Let's first consider the D-peptide.  When dye is added to the solution both peaks shift.  The aqueous Xe moves upfield and the Xe-cage moves downfield.  I think it is strange that the aqueous Xe shifts, but it is what it is.  The Xe-cage moves quite a bit more than the aqueous, Xe by the way.  Now let's consider the N-peptide.  As the dye concentration increases, the Xe-cage peak move upon binding with the N-peptide, albeit less than with the D-peptide.  The authors advocate using the difference between the peaks as a readout of the assay.  Using this metric, the Xe peaks move 0.78 and 0.33 ppm for the D-peptide-cage and N-peptide-cage upon binding 1 mM dye.  See figure below ...  
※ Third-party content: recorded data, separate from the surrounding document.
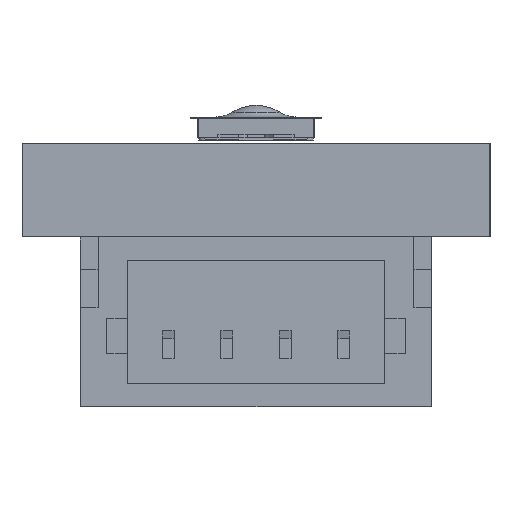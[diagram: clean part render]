
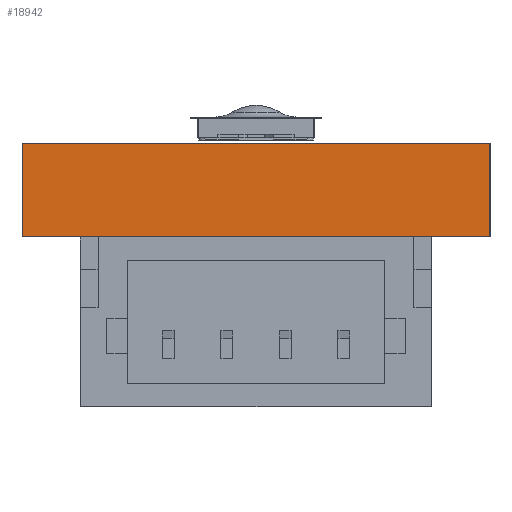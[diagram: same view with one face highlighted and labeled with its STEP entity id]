
A CAD part, left-side view. The second image highlights one B-rep face of the part: STEP entity #18942.
In plain terms, the highlighted planar face has unit normal (-1, 0, 0).
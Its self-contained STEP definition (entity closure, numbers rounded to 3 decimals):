
#18801 = PLANE('',#18802);
#18802 = AXIS2_PLACEMENT_3D('',#18803,#18804,#18805);
#18803 = CARTESIAN_POINT('',(0.,0.,1.6));
#18804 = DIRECTION('',(-0.,-0.,-1.));
#18805 = DIRECTION('',(-1.,0.,0.));
#18829 = PLANE('',#18830);
#18830 = AXIS2_PLACEMENT_3D('',#18831,#18832,#18833);
#18831 = CARTESIAN_POINT('',(-8.,-4.,0.));
#18832 = DIRECTION('',(0.,-1.,0.));
#18833 = DIRECTION('',(-1.,0.,0.));
#18855 = PLANE('',#18856);
#18856 = AXIS2_PLACEMENT_3D('',#18857,#18858,#18859);
#18857 = CARTESIAN_POINT('',(0.,0.,0.));
#18858 = DIRECTION('',(-0.,-0.,-1.));
#18859 = DIRECTION('',(-1.,0.,0.));
#18872 = VERTEX_POINT('',#18873);
#18873 = CARTESIAN_POINT('',(-16.5,-4.,1.6));
#18894 = EDGE_CURVE('',#18895,#18872,#18897,.T.);
#18895 = VERTEX_POINT('',#18896);
#18896 = CARTESIAN_POINT('',(-16.5,-4.,0.));
#18897 = SURFACE_CURVE('',#18898,(#18902,#18909),.PCURVE_S1.);
#18898 = LINE('',#18899,#18900);
#18899 = CARTESIAN_POINT('',(-16.5,-4.,0.));
#18900 = VECTOR('',#18901,1.);
#18901 = DIRECTION('',(0.,0.,1.));
#18902 = PCURVE('',#18829,#18903);
#18903 = DEFINITIONAL_REPRESENTATION('',(#18904),#18908);
#18904 = LINE('',#18905,#18906);
#18905 = CARTESIAN_POINT('',(8.5,0.));
#18906 = VECTOR('',#18907,1.);
#18907 = DIRECTION('',(0.,-1.));
#18908 = ( GEOMETRIC_REPRESENTATION_CONTEXT(2) 
PARAMETRIC_REPRESENTATION_CONTEXT() REPRESENTATION_CONTEXT('2D SPACE',''
  ) );
#18909 = PCURVE('',#18910,#18915);
#18910 = PLANE('',#18911);
#18911 = AXIS2_PLACEMENT_3D('',#18912,#18913,#18914);
#18912 = CARTESIAN_POINT('',(-16.5,-4.,0.));
#18913 = DIRECTION('',(-1.,0.,0.));
#18914 = DIRECTION('',(0.,1.,0.));
#18915 = DEFINITIONAL_REPRESENTATION('',(#18916),#18920);
#18916 = LINE('',#18917,#18918);
#18917 = CARTESIAN_POINT('',(0.,0.));
#18918 = VECTOR('',#18919,1.);
#18919 = DIRECTION('',(0.,-1.));
#18920 = ( GEOMETRIC_REPRESENTATION_CONTEXT(2) 
PARAMETRIC_REPRESENTATION_CONTEXT() REPRESENTATION_CONTEXT('2D SPACE',''
  ) );
#18942 = ADVANCED_FACE('',(#18943),#18910,.T.);
#18943 = FACE_BOUND('',#18944,.T.);
#18944 = EDGE_LOOP('',(#18945,#18946,#18969,#18997));
#18945 = ORIENTED_EDGE('',*,*,#18894,.T.);
#18946 = ORIENTED_EDGE('',*,*,#18947,.T.);
#18947 = EDGE_CURVE('',#18872,#18948,#18950,.T.);
#18948 = VERTEX_POINT('',#18949);
#18949 = CARTESIAN_POINT('',(-16.5,4.,1.6));
#18950 = SURFACE_CURVE('',#18951,(#18955,#18962),.PCURVE_S1.);
#18951 = LINE('',#18952,#18953);
#18952 = CARTESIAN_POINT('',(-16.5,-4.,1.6));
#18953 = VECTOR('',#18954,1.);
#18954 = DIRECTION('',(0.,1.,0.));
#18955 = PCURVE('',#18910,#18956);
#18956 = DEFINITIONAL_REPRESENTATION('',(#18957),#18961);
#18957 = LINE('',#18958,#18959);
#18958 = CARTESIAN_POINT('',(0.,-1.6));
#18959 = VECTOR('',#18960,1.);
#18960 = DIRECTION('',(1.,0.));
#18961 = ( GEOMETRIC_REPRESENTATION_CONTEXT(2) 
PARAMETRIC_REPRESENTATION_CONTEXT() REPRESENTATION_CONTEXT('2D SPACE',''
  ) );
#18962 = PCURVE('',#18801,#18963);
#18963 = DEFINITIONAL_REPRESENTATION('',(#18964),#18968);
#18964 = LINE('',#18965,#18966);
#18965 = CARTESIAN_POINT('',(16.5,-4.));
#18966 = VECTOR('',#18967,1.);
#18967 = DIRECTION('',(0.,1.));
#18968 = ( GEOMETRIC_REPRESENTATION_CONTEXT(2) 
PARAMETRIC_REPRESENTATION_CONTEXT() REPRESENTATION_CONTEXT('2D SPACE',''
  ) );
#18969 = ORIENTED_EDGE('',*,*,#18970,.F.);
#18970 = EDGE_CURVE('',#18971,#18948,#18973,.T.);
#18971 = VERTEX_POINT('',#18972);
#18972 = CARTESIAN_POINT('',(-16.5,4.,0.));
#18973 = SURFACE_CURVE('',#18974,(#18978,#18985),.PCURVE_S1.);
#18974 = LINE('',#18975,#18976);
#18975 = CARTESIAN_POINT('',(-16.5,4.,0.));
#18976 = VECTOR('',#18977,1.);
#18977 = DIRECTION('',(0.,0.,1.));
#18978 = PCURVE('',#18910,#18979);
#18979 = DEFINITIONAL_REPRESENTATION('',(#18980),#18984);
#18980 = LINE('',#18981,#18982);
#18981 = CARTESIAN_POINT('',(8.,0.));
#18982 = VECTOR('',#18983,1.);
#18983 = DIRECTION('',(0.,-1.));
#18984 = ( GEOMETRIC_REPRESENTATION_CONTEXT(2) 
PARAMETRIC_REPRESENTATION_CONTEXT() REPRESENTATION_CONTEXT('2D SPACE',''
  ) );
#18985 = PCURVE('',#18986,#18991);
#18986 = PLANE('',#18987);
#18987 = AXIS2_PLACEMENT_3D('',#18988,#18989,#18990);
#18988 = CARTESIAN_POINT('',(-16.5,4.,0.));
#18989 = DIRECTION('',(0.,1.,0.));
#18990 = DIRECTION('',(1.,0.,0.));
#18991 = DEFINITIONAL_REPRESENTATION('',(#18992),#18996);
#18992 = LINE('',#18993,#18994);
#18993 = CARTESIAN_POINT('',(0.,0.));
#18994 = VECTOR('',#18995,1.);
#18995 = DIRECTION('',(0.,-1.));
#18996 = ( GEOMETRIC_REPRESENTATION_CONTEXT(2) 
PARAMETRIC_REPRESENTATION_CONTEXT() REPRESENTATION_CONTEXT('2D SPACE',''
  ) );
#18997 = ORIENTED_EDGE('',*,*,#18998,.F.);
#18998 = EDGE_CURVE('',#18895,#18971,#18999,.T.);
#18999 = SURFACE_CURVE('',#19000,(#19004,#19011),.PCURVE_S1.);
#19000 = LINE('',#19001,#19002);
#19001 = CARTESIAN_POINT('',(-16.5,-4.,0.));
#19002 = VECTOR('',#19003,1.);
#19003 = DIRECTION('',(0.,1.,0.));
#19004 = PCURVE('',#18910,#19005);
#19005 = DEFINITIONAL_REPRESENTATION('',(#19006),#19010);
#19006 = LINE('',#19007,#19008);
#19007 = CARTESIAN_POINT('',(0.,0.));
#19008 = VECTOR('',#19009,1.);
#19009 = DIRECTION('',(1.,0.));
#19010 = ( GEOMETRIC_REPRESENTATION_CONTEXT(2) 
PARAMETRIC_REPRESENTATION_CONTEXT() REPRESENTATION_CONTEXT('2D SPACE',''
  ) );
#19011 = PCURVE('',#18855,#19012);
#19012 = DEFINITIONAL_REPRESENTATION('',(#19013),#19017);
#19013 = LINE('',#19014,#19015);
#19014 = CARTESIAN_POINT('',(16.5,-4.));
#19015 = VECTOR('',#19016,1.);
#19016 = DIRECTION('',(0.,1.));
#19017 = ( GEOMETRIC_REPRESENTATION_CONTEXT(2) 
PARAMETRIC_REPRESENTATION_CONTEXT() REPRESENTATION_CONTEXT('2D SPACE',''
  ) );

I am going to criticize this paper a bit, so I'll issue my usual caveat: I am a nobody doing LN2 fills and teaching 1st year graduate students how to acquire 1D 1H spectra, whereas the authors of this paper are real scientists doing the hard, creative work of producing scientific knowledge.  My purpose in starting this blog is not to trash people's work so that I feel better about my life.  I wanted to force myself (on a very public forum) to critique great science in hope of improving my science.  So here is my critique in one sentence: the negative control is not so negative.  Traditionally, in a paper like this one, you would have one positive and one negative control, proving that you get a signal when the analyte is present and no signal when the wrong analyte present.  In this paper the authors see a delta delta of 0.78 ppm for a carefully chosen strong binder and a delta delta of 0.33 ppm for a weaker binder.  If they could make a non-binder would the delta delta equal 0 ppm?  What would they see if they tried another dye molecule? 

Overall, I give the authors a lot credit for using a SELEX type procedure to hunt out a binder.  I kind of glossed over this point earlier to get to the spectroscopy, but it was a substantial effort to find a needle in a stack with 20^4 pieces of hay.  Clearly, this paper is a starting point.  The authors set out to show that their sensor-cage-Xe trick would is feasible.  I think they succeeded.  I wonder if their problem isn't going to be that Xe NMR is just too sensitive, though.